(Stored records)
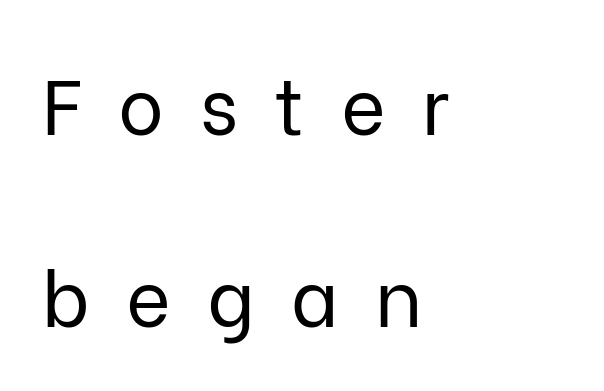
The image shows 77 px regular-weight sans-serif type, upright; set left-aligned, loose line spacing (2.5x), unusually wide letter spacing (+0.47 em), not underlined; low stroke contrast and a medium x-height.
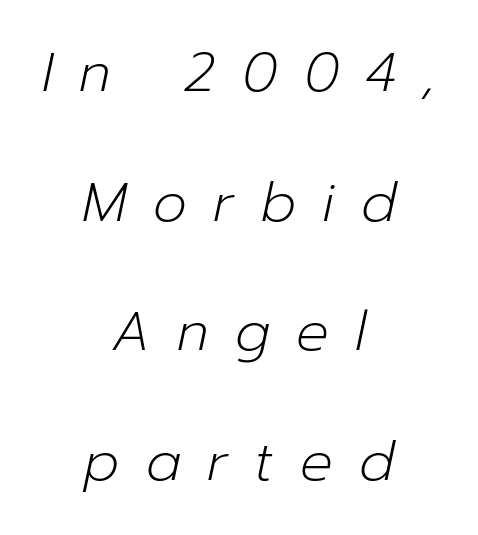
Q: Is the text bold? A: No.
Q: Is the text italic (slanted)? A: Yes, it leans right by about 12 degrees.
Q: Is the text underlined? A: No.
Q: How is the paragraph aligned? A: Centered.
Q: Is the spacing between letters normal or unusually wide? A: Unusually wide.
Q: Is the spacing between lines tight, normal or loose? A: Loose.
Q: Width (condensed, normal, or wide)? A: Normal.
Q: Stroke contrast? A: Low.
Q: x-height? A: Medium.
Q: Monospaced? A: No.
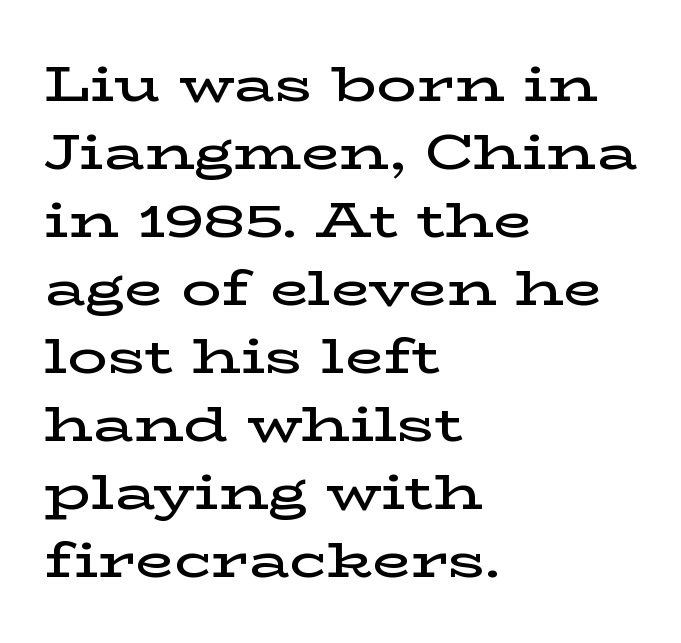
{"serif": "yes", "italic": "no", "bold": "semi", "weight": "semibold", "width": "wide", "stroke_contrast": "low", "x_height": "medium", "monospaced": "no", "underline": "no", "align": "left", "line_spacing": "normal", "line_spacing_ratio": 1.36, "letter_spacing": "normal", "letter_spacing_em": 0.0, "glyph_px": 50}
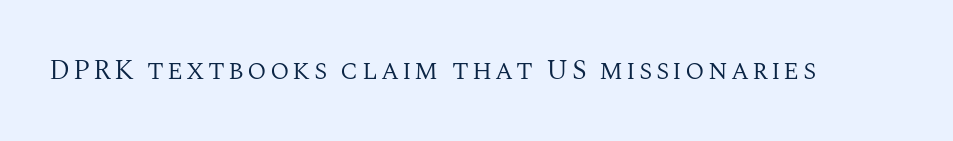
Q: Is the text bold? A: No.
Q: Is the text italic (slanted)? A: No, it is upright.
Q: Is the typeface a serif or a sans-serif typeface? A: Serif.
Q: Is the text underlined? A: No.
Q: Width (condensed, normal, or wide)? A: Normal.
Q: Stroke contrast? A: Medium.
Q: x-height? A: Large.
Q: Monospaced? A: No.
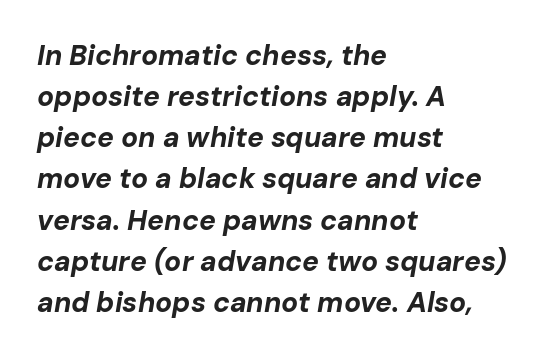
{"italic": "yes", "lean": "right", "slant_degrees": 10, "bold": "yes", "weight": "bold", "width": "normal", "stroke_contrast": "low", "x_height": "medium", "monospaced": "no", "underline": "no", "align": "left", "line_spacing": "normal", "line_spacing_ratio": 1.47, "letter_spacing": "normal", "letter_spacing_em": 0.0, "glyph_px": 28}
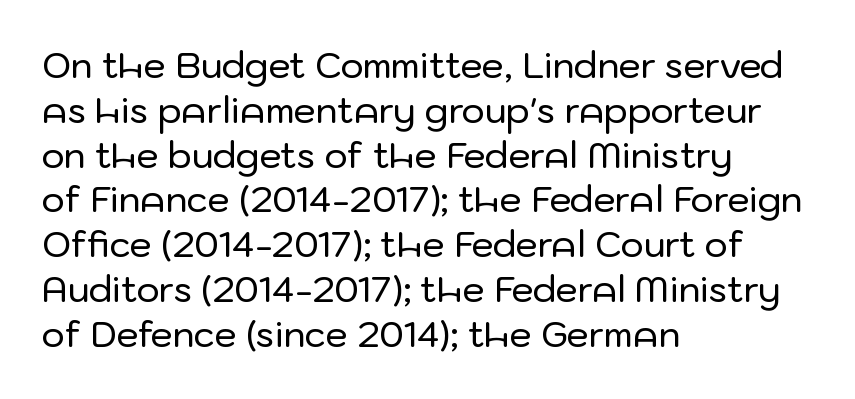
Posture: vertical. Tracking here is standard; glyphs follow each other at the usual distance. Are there feet on the stems? There aren't — it's a sans. Note the varied advance widths — an 'i' is clearly narrower than an 'm'.
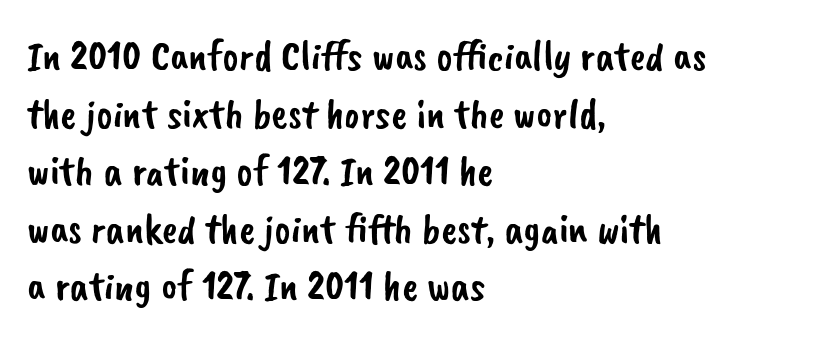
{"serif": "no", "width": "normal", "stroke_contrast": "low", "x_height": "small", "monospaced": "no", "underline": "no", "align": "left", "line_spacing": "normal", "line_spacing_ratio": 1.34, "letter_spacing": "normal", "letter_spacing_em": 0.0, "glyph_px": 43}
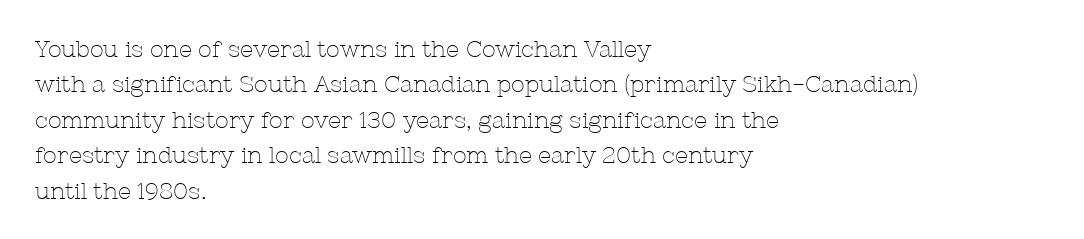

• **PROBLEM STATEMENT**
Your answer must be a copy of every line in the data above that holds the string "weight".

• **YOUR SOLUTION**
The image shows 77 px regular-weight sans-serif type, upright; set left-aligned, loose line spacing (2.5x), unusually wide letter spacing (+0.47 em), not underlined; low stroke contrast and a medium x-height.
{"serif": "yes", "italic": "no", "bold": "semi", "weight": "semibold", "width": "wide", "stroke_contrast": "low", "x_height": "medium", "monospaced": "no", "underline": "no", "align": "left", "line_spacing": "normal", "line_spacing_ratio": 1.36, "letter_spacing": "normal", "letter_spacing_em": 0.0, "glyph_px": 50}
{"italic": "yes", "lean": "right", "slant_degrees": 10, "bold": "yes", "weight": "bold", "width": "normal", "stroke_contrast": "low", "x_height": "medium", "monospaced": "no", "underline": "no", "align": "left", "line_spacing": "normal", "line_spacing_ratio": 1.47, "letter_spacing": "normal", "letter_spacing_em": 0.0, "glyph_px": 28}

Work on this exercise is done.